**Exercise instructions**
Please print out the entries below unchanged and skip the images.

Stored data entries
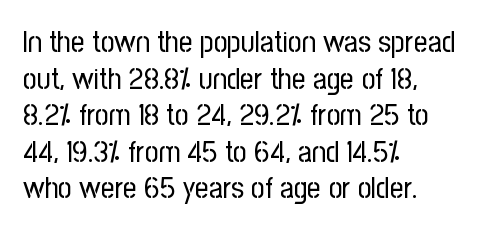
The image shows 30 px regular-weight, condensed sans-serif type, upright; set left-aligned, line spacing 1.22x, normal letter spacing, not underlined; low stroke contrast and a medium x-height.
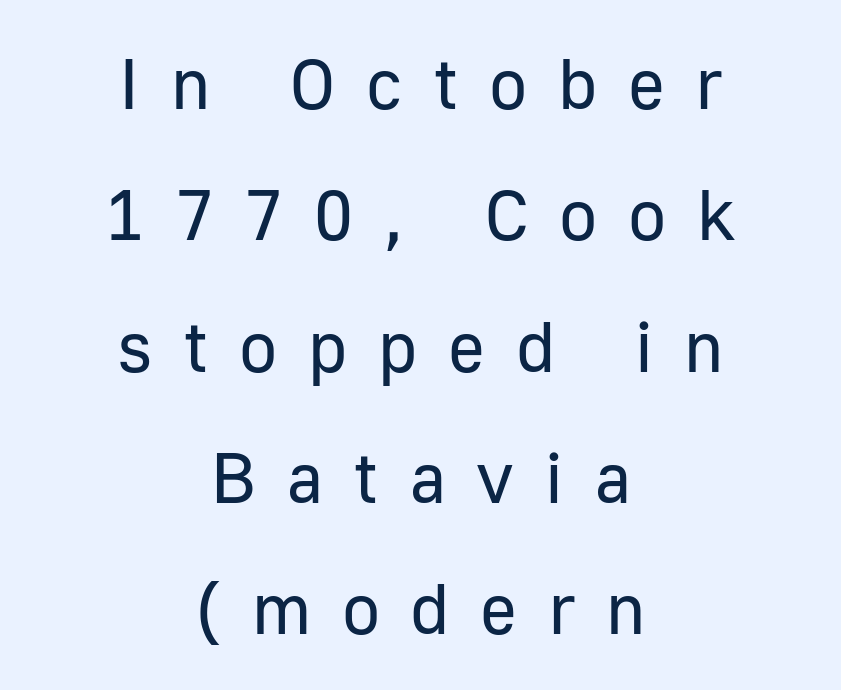
{"serif": "no", "italic": "no", "bold": "no", "weight": "regular", "width": "normal", "stroke_contrast": "low", "x_height": "medium", "monospaced": "no", "underline": "no", "align": "center", "line_spacing_ratio": 1.85, "letter_spacing": "wide", "letter_spacing_em": 0.43, "glyph_px": 71}
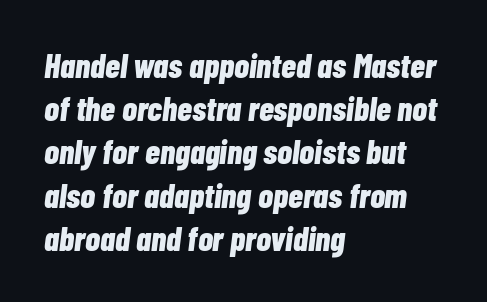
Q: Is the text bold? A: Yes.
Q: Is the text italic (slanted)? A: Yes, it leans right by about 7 degrees.
Q: Is the text underlined? A: No.
Q: How is the paragraph aligned? A: Left-aligned.
Q: Is the spacing between letters normal or unusually wide? A: Normal.
Q: Is the spacing between lines tight, normal or loose? A: Normal.
Q: Width (condensed, normal, or wide)? A: Condensed.
Q: Stroke contrast? A: Low.
Q: x-height? A: Medium.
Q: Monospaced? A: No.
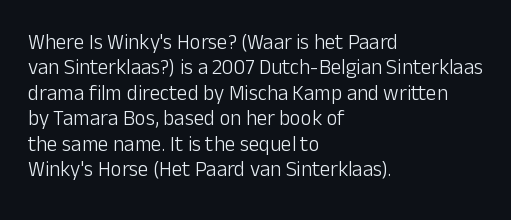
{"italic": "no", "bold": "no", "underline": "no", "align": "left", "line_spacing_ratio": 1.21, "letter_spacing": "normal", "letter_spacing_em": 0.0, "glyph_px": 21}
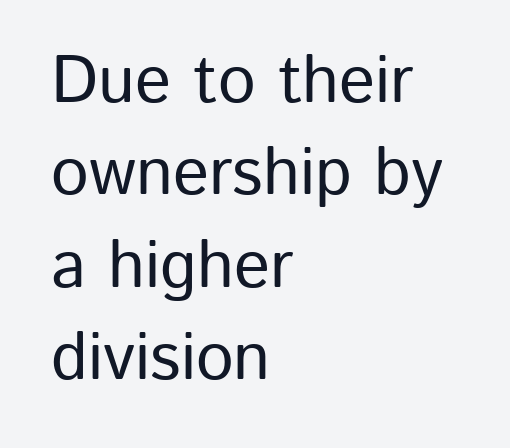
{"serif": "no", "italic": "no", "width": "normal", "stroke_contrast": "low", "x_height": "medium", "monospaced": "no", "underline": "no", "align": "left", "line_spacing": "normal", "line_spacing_ratio": 1.38, "letter_spacing": "normal", "letter_spacing_em": 0.0, "glyph_px": 67}
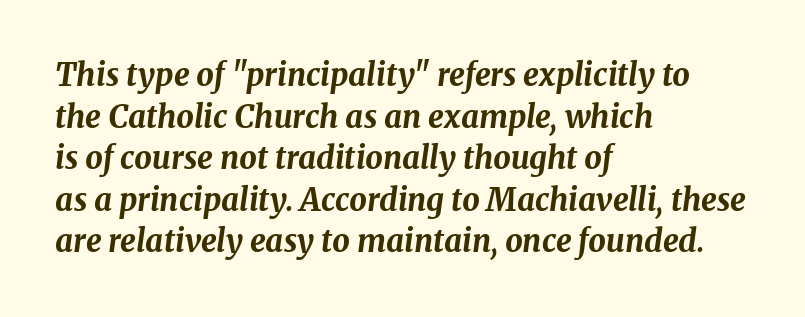
{"italic": "yes", "lean": "right", "slant_degrees": 8, "bold": "yes", "weight": "bold", "width": "normal", "stroke_contrast": "medium", "x_height": "medium", "monospaced": "no", "underline": "no", "align": "left", "line_spacing": "normal", "line_spacing_ratio": 1.34, "letter_spacing": "normal", "letter_spacing_em": 0.0, "glyph_px": 31}
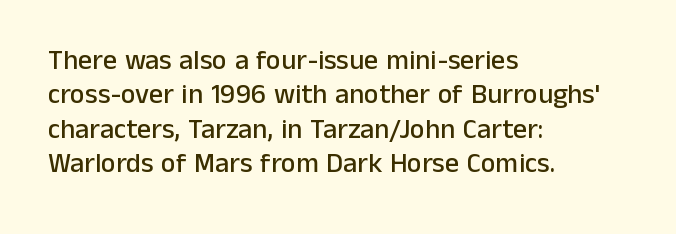
{"serif": "no", "italic": "no", "width": "normal", "stroke_contrast": "low", "x_height": "medium", "monospaced": "no", "underline": "no", "align": "left", "line_spacing_ratio": 1.23, "letter_spacing": "normal", "letter_spacing_em": 0.0, "glyph_px": 28}
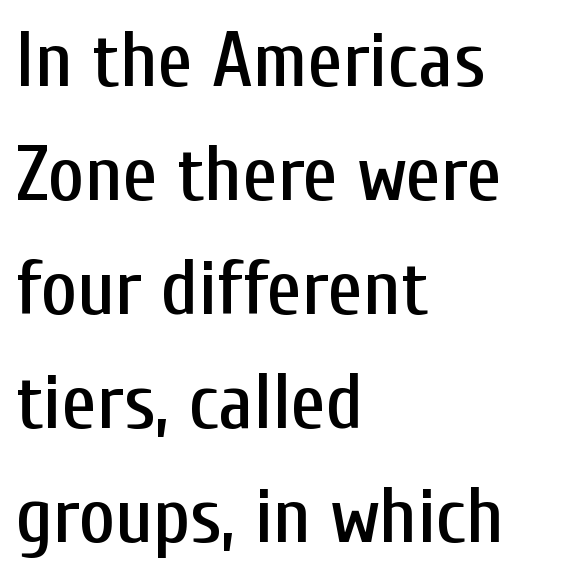
Has an underline been added? It has not. If you measured baseline to baseline, you'd find a middling distance. Standard letterfit; no display-style spreading of the glyphs. The letters advance in unequal steps, a hallmark of proportional type.
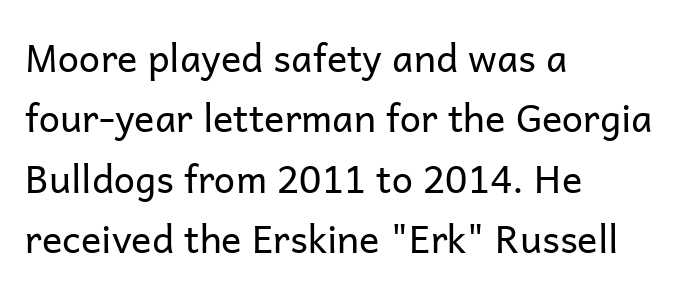
The image shows 38 px regular-weight sans-serif type, upright; set left-aligned, normal line spacing (1.59x), normal letter spacing, not underlined; low stroke contrast and a medium x-height.
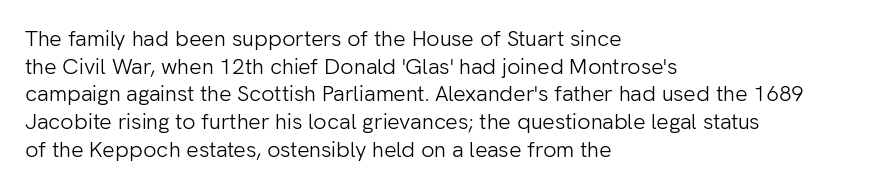
Q: Is the text bold? A: No.
Q: Is the text italic (slanted)? A: No, it is upright.
Q: Is the text underlined? A: No.
Q: How is the paragraph aligned? A: Left-aligned.
Q: Is the spacing between letters normal or unusually wide? A: Normal.
Q: Is the spacing between lines tight, normal or loose? A: Normal.
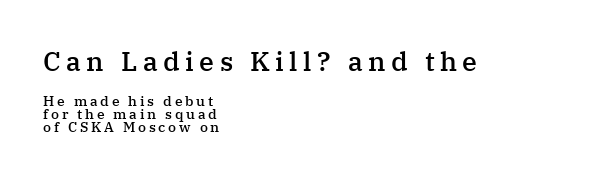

**Solved problem**
The image shows 30 px regular-weight, condensed sans-serif type, upright; set left-aligned, line spacing 1.22x, normal letter spacing, not underlined; low stroke contrast and a medium x-height.
{"serif": "no", "italic": "no", "bold": "no", "weight": "regular", "width": "normal", "stroke_contrast": "low", "x_height": "medium", "monospaced": "no", "underline": "no", "align": "center", "line_spacing_ratio": 1.85, "letter_spacing": "wide", "letter_spacing_em": 0.43, "glyph_px": 71}
Q: Is the text bold? A: Yes.
Q: Is the text italic (slanted)? A: Yes, it leans right by about 7 degrees.
Q: Is the text underlined? A: No.
Q: How is the paragraph aligned? A: Left-aligned.
Q: Is the spacing between letters normal or unusually wide? A: Normal.
Q: Is the spacing between lines tight, normal or loose? A: Normal.
Q: Width (condensed, normal, or wide)? A: Condensed.
Q: Stroke contrast? A: Low.
Q: x-height? A: Medium.
Q: Monospaced? A: No.
{"italic": "no", "bold": "no", "underline": "no", "align": "left", "line_spacing_ratio": 1.21, "letter_spacing": "normal", "letter_spacing_em": 0.0, "glyph_px": 21}
{"serif": "no", "italic": "no", "width": "normal", "stroke_contrast": "low", "x_height": "medium", "monospaced": "no", "underline": "no", "align": "left", "line_spacing": "normal", "line_spacing_ratio": 1.38, "letter_spacing": "normal", "letter_spacing_em": 0.0, "glyph_px": 67}
{"italic": "yes", "lean": "right", "slant_degrees": 8, "bold": "yes", "weight": "bold", "width": "normal", "stroke_contrast": "medium", "x_height": "medium", "monospaced": "no", "underline": "no", "align": "left", "line_spacing": "normal", "line_spacing_ratio": 1.34, "letter_spacing": "normal", "letter_spacing_em": 0.0, "glyph_px": 31}
{"serif": "no", "italic": "no", "width": "normal", "stroke_contrast": "low", "x_height": "medium", "monospaced": "no", "underline": "no", "align": "left", "line_spacing_ratio": 1.23, "letter_spacing": "normal", "letter_spacing_em": 0.0, "glyph_px": 28}
Has an underline been added? It has not. If you measured baseline to baseline, you'd find a middling distance. Standard letterfit; no display-style spreading of the glyphs. The letters advance in unequal steps, a hallmark of proportional type.
The image shows 38 px regular-weight sans-serif type, upright; set left-aligned, normal line spacing (1.59x), normal letter spacing, not underlined; low stroke contrast and a medium x-height.
Q: Is the text bold? A: No.
Q: Is the text italic (slanted)? A: No, it is upright.
Q: Is the text underlined? A: No.
Q: How is the paragraph aligned? A: Left-aligned.
Q: Is the spacing between letters normal or unusually wide? A: Normal.
Q: Is the spacing between lines tight, normal or loose? A: Normal.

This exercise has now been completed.